RANDY ANTHONY Operational reliability advisory
Quarter 1 · Week 8

What Time-Critical Operations Teach Us About Small Errors

Topic word: Small Errors · View on LinkedIn

Week 8 — Small Errors

Most operational failures do not begin with dramatic breakdowns.

They begin with small errors.

A timing offset.
A misnamed asset.
A configuration detail that was assumed rather than verified.

Individually, these issues rarely appear serious. Systems often continue functioning despite them. Teams adjust, compensate, and move forward.

But in complex environments, small errors accumulate.

And accumulation changes system behavior.

In broadcast and streaming operations, the early signs of trouble are often subtle. A manual correction becomes routine. A workaround becomes normalized. A slight delay becomes accepted as “how the system works.”

Over time, these adjustments create operational drift.

Nothing appears broken.

Yet the system is slowly moving away from its intended design.

Reliable operations pay attention to these small signals long before they produce visible disruption.

Small errors reveal weak points in process discipline.

They show where documentation is unclear.
Where assumptions replaced verification.
Where responsibility for a step quietly shifted.

Left unaddressed, those weak points multiply.

And when pressure increases — during a live event, a system change, or a high-stakes transition — the accumulated drift becomes visible.

Not because the moment created the problem.

Because the moment revealed it.

Reliable systems treat small errors as signals.

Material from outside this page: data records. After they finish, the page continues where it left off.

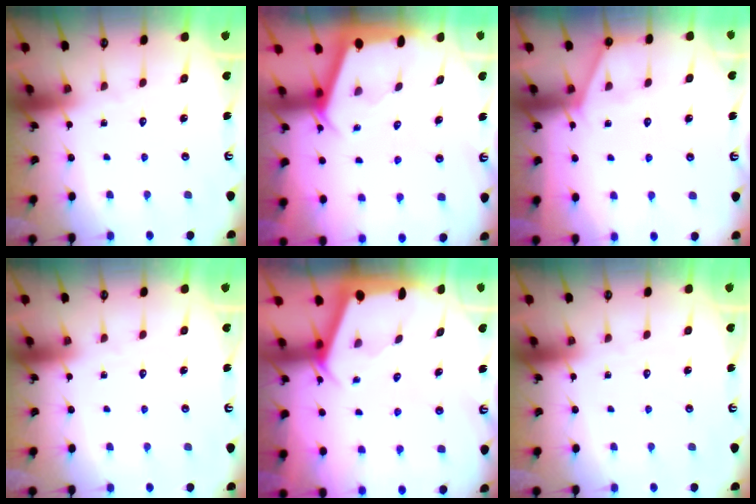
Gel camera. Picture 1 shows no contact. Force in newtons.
{"total": 2.3, "press": 2.3, "slide": 0.3}
{"total": 4.1, "press": 4.1, "slide": 0.4}
{"total": 0.0}
{"total": 2.3, "press": 2.3, "slide": 0.3}
{"total": 0.0}
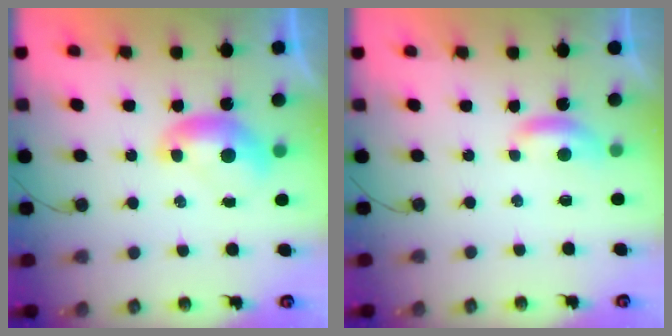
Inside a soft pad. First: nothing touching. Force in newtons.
{"total": 1.8, "press": 1.7, "slide": 0.4}
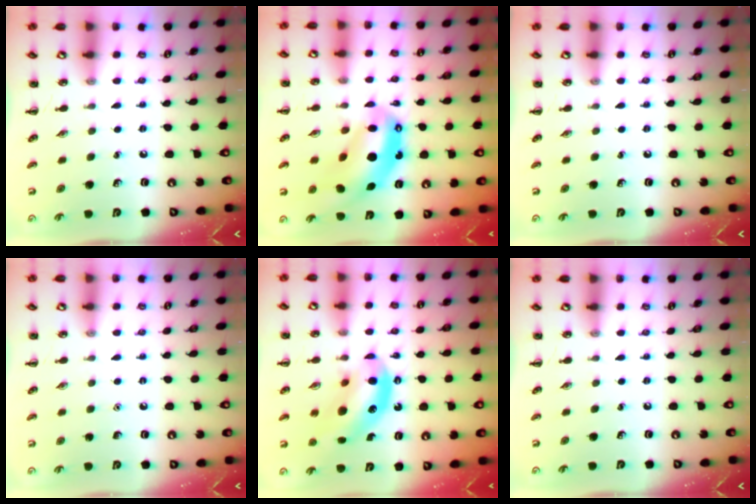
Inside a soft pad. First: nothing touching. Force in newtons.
{"total": 11.5, "press": 11.1, "slide": 3.1}
{"total": 0.0}
{"total": 1.6, "press": 1.5, "slide": 0.1}
{"total": 10.7, "press": 10.4, "slide": 2.6}
{"total": 0.0}
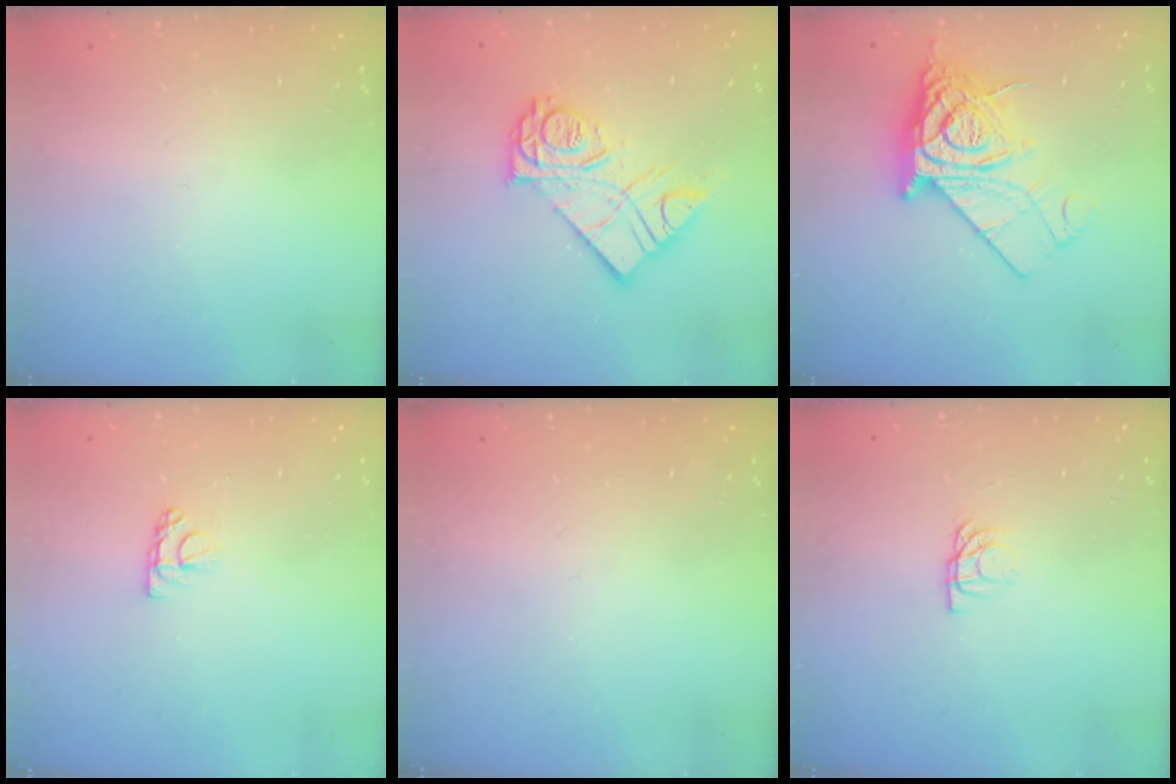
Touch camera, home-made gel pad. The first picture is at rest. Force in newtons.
{"total": 15.7, "press": 15.6, "slide": 1.2}
{"total": 12.9, "press": 12.8, "slide": 1.5}
{"total": 4.9, "press": 4.9, "slide": 0.3}
{"total": 0.0}
{"total": 4.1, "press": 4.1, "slide": 0.6}
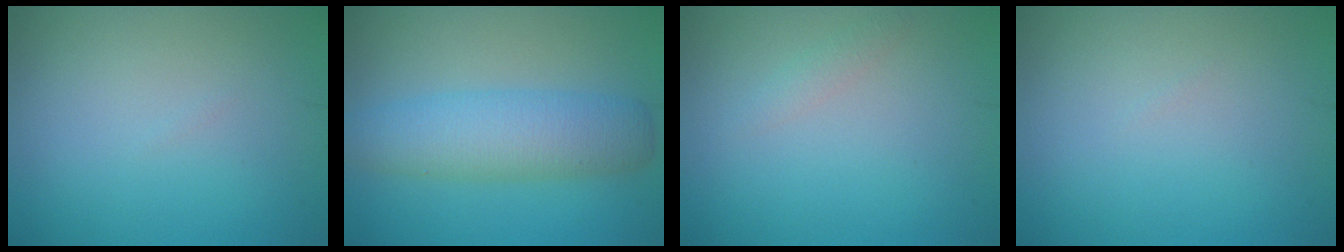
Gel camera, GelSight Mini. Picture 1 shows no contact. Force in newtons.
{"total": 5.6, "press": 5.6, "slide": 0.2}
{"total": 1.0, "press": 0.9, "slide": 0.1}
{"total": 0.0}

A repeated timing discrepancy triggers review.
A recurring manual correction triggers redesign.
A persistent workaround triggers documentation updates.

Operational reliability depends on reducing the gap between the system that was designed and the system that actually exists.

Small errors expose that gap.

Reliability rarely fails all at once.

It erodes gradually.

That is why the most stable environments correct minor deviations early, before pressure exposes them.

Because the most dangerous failures rarely begin with major disruption.

They begin with small errors that were ignored for too long.